Human beings are basically
powerless, he says, in the continual cosmic
struggle between the good gods and the evil demons,
unless they can utilize magic, divination, tap into the powers
of the metadivine realm, circumvent the gods who might
be making their lives rather miserable.
But what's important is that Kaufman insists that in the
pagan view evil is an antonomous demonic realm.
It is as primary and real as the realm of the holy or good
gods. Evil is a metaphysical reality.
It is built into the structure
of the universe. That's the way the universe was
made. The primordial stuff that
spawned all that is, spawned it good and bad and
exactly as it is, and it's there and it's real.
Salvation, he says,
is the concern of humans. The gods aren't interested in
human salvation from the capricious forces and powers in
the world because they're trying to save themselves.
You know, the good gods are
being attacked by the evil gods; the powers and decrees of the
metadivine realm are hassling them as well as anybody else.
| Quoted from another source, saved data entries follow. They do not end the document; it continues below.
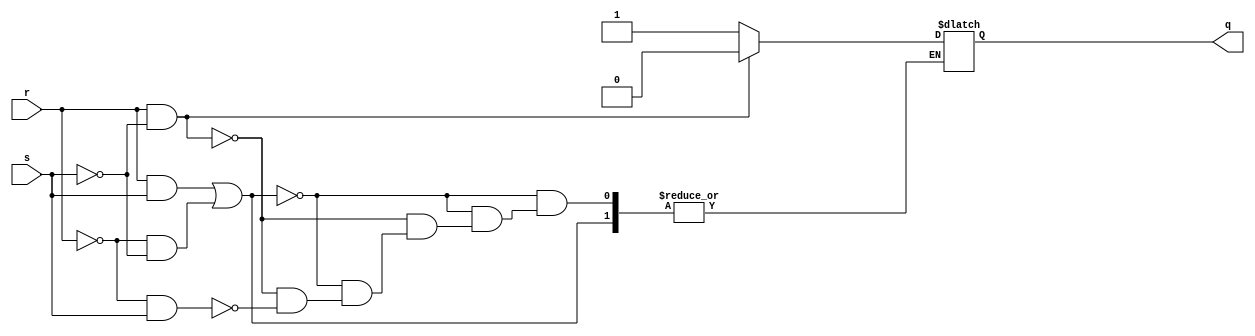
module SR_latch(r, s, q);
  input wire r, s;
  output wire q;
  reg rq = 0;
  
  assign q = rq;
  
  always @(r, s)
    begin
      if(r && s || !r && !s)
        begin
          // condition to ignore
        end
      else if(r && !s)
        begin
          rq = 0;
        end
      else if(!r && s)
        begin
          rq = 1;
        end
    end
endmodule


module control(start , stop , clear, closed_door, finished_time, magnetron);

  input wire start, stop, clear, closed_door, finished_time;
  output wire magnetron;
  wire rs, rr, rq;
  
  assign rs = ((!start  && closed_door)) ? 1 : 0;
  assign rr = ((!stop || finished_time || !closed_door || !clear)) ? 1 : 0;
  
  SR_latch latch(.r(rr), .s(rs), .q(rq));
  assign magnetron = rq;
endmodule

So they can't be worried about
humans; they're worried about
themselves. Salvation is attained through
magic or gnostic means--gnosticism refers to
knowledge of secrets that can in some way liberate one from the
regular rules--and so as long as one can somehow circumvent the
gods, tie oneself into the powers of
the metadivine realm to be beyond the reach of the demons
and the capricious gods who make life on earth a misery,
that is the path for salvation. So, Kaufman says that the pagan
worldview is one of an amoral universe somewhere around
here…there we go. Amoral universe.
Not a moral universe; not an immoral universe;
but an amoral universe. It is morally neutral.
There are gods who are
legislators and guardians of social order and justice.
But their laws aren't absolute:
they can be leveled by the decrees of this supreme
metadivine realm. And since the knowledge and
wisdom of each god is limited, morality can be defined as what
a particular god likes or desires and that may be
different from what another god likes or desires.
And there's no absolute
morality then. And it's that picture of the
universe, Kaufman wants to argue, that is challenged by the
monotheistic revolution. Again he sees this as a
revolution of ancient Israel. So according to Kaufman the
fundamental idea of ancient Israelite writing,
which receives no systematic formulation but permeates the
entire Bible in his view, is a radically new idea of a
god who is himself the source of all being--not subject to a
metadivine realm. There's no transcendent cosmic
order or power. He does not emerge from some
preexisting realm and therefore he is free of all of the
limitations of myth and magic--we'll go through these
one by one--but a God whose will is absolute and sovereign.
All right?
So what then are the implications of the elimination
of this metadivine realm? Just as these points flowed
logically from positing a metadivine realm,
what flows logically from eliminating a metadivine realm
and positing simply a god that does not emerge from any
preexisting power or order or realm?
Well, first of all there's no theogony or mythology in the
Bible. God isn't born from some
primordial womb; he doesn't have a life story.
There's no realm that is
primary to him or prior to him and there is no realm that is
the source of his power and wisdom.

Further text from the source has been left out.